──────── RECORD SET ────────

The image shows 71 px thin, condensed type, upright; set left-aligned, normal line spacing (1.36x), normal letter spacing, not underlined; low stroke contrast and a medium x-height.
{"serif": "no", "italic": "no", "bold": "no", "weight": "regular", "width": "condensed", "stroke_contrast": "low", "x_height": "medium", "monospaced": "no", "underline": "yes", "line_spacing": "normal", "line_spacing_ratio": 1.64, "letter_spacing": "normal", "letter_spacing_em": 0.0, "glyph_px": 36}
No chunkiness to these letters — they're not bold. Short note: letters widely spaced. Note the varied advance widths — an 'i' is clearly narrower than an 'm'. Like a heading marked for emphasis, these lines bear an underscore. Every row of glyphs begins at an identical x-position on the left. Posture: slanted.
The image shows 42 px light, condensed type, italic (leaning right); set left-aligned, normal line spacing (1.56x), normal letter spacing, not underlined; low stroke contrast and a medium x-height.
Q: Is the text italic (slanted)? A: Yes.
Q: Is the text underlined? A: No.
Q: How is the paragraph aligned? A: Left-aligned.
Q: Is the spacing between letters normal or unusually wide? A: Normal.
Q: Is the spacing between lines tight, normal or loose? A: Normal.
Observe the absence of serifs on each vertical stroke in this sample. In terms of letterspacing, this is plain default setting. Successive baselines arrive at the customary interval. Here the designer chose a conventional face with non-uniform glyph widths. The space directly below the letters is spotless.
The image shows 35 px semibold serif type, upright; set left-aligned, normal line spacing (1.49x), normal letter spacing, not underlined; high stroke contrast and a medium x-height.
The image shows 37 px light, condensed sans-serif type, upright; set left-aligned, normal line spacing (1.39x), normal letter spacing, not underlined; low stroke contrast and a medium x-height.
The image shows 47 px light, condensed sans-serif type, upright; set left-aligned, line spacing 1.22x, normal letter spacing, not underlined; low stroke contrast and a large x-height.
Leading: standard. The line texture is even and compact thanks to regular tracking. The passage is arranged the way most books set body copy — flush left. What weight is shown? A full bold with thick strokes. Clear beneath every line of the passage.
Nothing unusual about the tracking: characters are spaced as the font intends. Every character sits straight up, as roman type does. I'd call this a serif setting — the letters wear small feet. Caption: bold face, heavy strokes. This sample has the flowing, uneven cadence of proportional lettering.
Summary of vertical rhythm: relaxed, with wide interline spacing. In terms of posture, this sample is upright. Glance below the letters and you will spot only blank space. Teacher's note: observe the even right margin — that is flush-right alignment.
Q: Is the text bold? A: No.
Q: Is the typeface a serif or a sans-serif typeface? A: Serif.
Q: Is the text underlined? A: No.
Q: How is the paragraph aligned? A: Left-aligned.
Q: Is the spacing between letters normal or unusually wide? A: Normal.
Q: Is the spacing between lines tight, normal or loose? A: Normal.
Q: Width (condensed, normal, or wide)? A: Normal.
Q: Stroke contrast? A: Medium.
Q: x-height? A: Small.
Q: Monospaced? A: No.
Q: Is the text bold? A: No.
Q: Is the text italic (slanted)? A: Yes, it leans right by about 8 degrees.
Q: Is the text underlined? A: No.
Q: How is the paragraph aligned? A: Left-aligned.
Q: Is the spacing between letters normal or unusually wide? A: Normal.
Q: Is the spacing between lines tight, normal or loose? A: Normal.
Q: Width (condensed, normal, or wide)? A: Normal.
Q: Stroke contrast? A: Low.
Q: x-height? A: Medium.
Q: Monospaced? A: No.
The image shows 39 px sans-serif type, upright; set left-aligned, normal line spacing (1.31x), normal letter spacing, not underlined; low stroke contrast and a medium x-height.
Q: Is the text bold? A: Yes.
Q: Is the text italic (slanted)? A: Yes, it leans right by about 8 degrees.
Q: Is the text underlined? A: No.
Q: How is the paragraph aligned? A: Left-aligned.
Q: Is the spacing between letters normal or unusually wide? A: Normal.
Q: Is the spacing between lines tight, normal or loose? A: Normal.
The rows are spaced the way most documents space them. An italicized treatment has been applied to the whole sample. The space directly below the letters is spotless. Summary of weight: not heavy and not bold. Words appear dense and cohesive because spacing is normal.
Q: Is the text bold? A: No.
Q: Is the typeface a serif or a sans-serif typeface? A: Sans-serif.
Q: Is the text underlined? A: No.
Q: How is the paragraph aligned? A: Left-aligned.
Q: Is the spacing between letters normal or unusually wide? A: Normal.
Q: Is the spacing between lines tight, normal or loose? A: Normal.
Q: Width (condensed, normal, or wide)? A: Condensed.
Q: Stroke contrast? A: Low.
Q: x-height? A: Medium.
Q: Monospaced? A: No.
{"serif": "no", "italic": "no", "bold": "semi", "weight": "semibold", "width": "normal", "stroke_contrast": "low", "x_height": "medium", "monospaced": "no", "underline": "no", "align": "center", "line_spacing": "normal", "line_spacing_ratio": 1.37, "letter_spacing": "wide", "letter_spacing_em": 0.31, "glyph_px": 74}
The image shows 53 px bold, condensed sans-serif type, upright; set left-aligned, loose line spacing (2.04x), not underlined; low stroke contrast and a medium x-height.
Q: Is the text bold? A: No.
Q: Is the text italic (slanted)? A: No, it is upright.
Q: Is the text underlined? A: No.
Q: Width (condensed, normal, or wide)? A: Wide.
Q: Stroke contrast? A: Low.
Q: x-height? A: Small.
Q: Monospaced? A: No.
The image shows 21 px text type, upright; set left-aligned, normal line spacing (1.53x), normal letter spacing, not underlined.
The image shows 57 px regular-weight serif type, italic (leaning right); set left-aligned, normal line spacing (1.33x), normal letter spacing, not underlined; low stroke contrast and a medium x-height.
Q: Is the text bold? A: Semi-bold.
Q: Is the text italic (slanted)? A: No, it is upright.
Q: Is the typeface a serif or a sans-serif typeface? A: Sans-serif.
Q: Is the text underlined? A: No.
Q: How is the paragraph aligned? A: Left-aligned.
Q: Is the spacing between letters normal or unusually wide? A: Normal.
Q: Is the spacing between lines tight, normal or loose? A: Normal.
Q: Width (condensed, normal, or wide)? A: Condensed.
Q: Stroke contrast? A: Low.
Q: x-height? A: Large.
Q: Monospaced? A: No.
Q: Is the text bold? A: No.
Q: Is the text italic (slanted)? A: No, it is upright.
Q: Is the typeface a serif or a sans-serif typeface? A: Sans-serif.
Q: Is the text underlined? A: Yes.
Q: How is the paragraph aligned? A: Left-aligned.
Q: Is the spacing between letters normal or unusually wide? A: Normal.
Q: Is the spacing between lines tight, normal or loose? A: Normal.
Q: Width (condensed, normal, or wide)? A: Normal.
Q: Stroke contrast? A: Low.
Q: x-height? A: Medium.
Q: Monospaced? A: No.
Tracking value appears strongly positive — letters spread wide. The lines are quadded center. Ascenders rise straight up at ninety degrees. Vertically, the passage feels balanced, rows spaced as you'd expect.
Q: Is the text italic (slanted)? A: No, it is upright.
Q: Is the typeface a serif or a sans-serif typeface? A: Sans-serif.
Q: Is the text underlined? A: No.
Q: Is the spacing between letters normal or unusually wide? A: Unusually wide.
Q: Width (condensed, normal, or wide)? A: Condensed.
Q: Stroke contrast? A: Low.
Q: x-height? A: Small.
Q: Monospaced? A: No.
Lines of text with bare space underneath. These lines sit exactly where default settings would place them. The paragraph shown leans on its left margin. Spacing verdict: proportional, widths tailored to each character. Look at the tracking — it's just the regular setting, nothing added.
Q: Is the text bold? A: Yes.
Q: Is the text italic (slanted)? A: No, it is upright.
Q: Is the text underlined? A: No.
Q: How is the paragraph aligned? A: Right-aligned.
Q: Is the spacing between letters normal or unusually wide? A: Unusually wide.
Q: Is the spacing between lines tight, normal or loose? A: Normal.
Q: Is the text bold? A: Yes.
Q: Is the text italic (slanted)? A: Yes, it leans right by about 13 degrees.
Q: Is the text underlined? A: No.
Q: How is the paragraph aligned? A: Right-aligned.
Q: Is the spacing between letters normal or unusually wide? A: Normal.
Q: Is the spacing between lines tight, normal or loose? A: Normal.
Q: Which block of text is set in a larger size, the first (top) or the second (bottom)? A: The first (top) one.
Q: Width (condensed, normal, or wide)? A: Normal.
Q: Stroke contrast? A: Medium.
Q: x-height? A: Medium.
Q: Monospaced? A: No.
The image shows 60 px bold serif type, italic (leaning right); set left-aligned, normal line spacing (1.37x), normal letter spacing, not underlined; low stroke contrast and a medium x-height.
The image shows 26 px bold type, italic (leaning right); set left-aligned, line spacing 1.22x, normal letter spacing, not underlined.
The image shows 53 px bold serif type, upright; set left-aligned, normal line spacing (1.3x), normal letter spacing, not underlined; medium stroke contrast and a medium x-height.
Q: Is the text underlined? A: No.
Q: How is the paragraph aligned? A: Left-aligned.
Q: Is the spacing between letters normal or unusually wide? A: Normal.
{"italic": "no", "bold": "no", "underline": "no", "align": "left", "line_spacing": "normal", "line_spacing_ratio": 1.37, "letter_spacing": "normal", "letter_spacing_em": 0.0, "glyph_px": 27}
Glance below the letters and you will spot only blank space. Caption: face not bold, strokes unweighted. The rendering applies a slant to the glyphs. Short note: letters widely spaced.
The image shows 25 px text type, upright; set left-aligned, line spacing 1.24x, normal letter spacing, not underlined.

────────

The expected output is each line of the records above that includes the word "proportional".

Nothing unusual about the tracking: characters are spaced as the font intends. Every character sits straight up, as roman type does. I'd call this a serif setting — the letters wear small feet. Caption: bold face, heavy strokes. This sample has the flowing, uneven cadence of proportional lettering.
Lines of text with bare space underneath. These lines sit exactly where default settings would place them. The paragraph shown leans on its left margin. Spacing verdict: proportional, widths tailored to each character. Look at the tracking — it's just the regular setting, nothing added.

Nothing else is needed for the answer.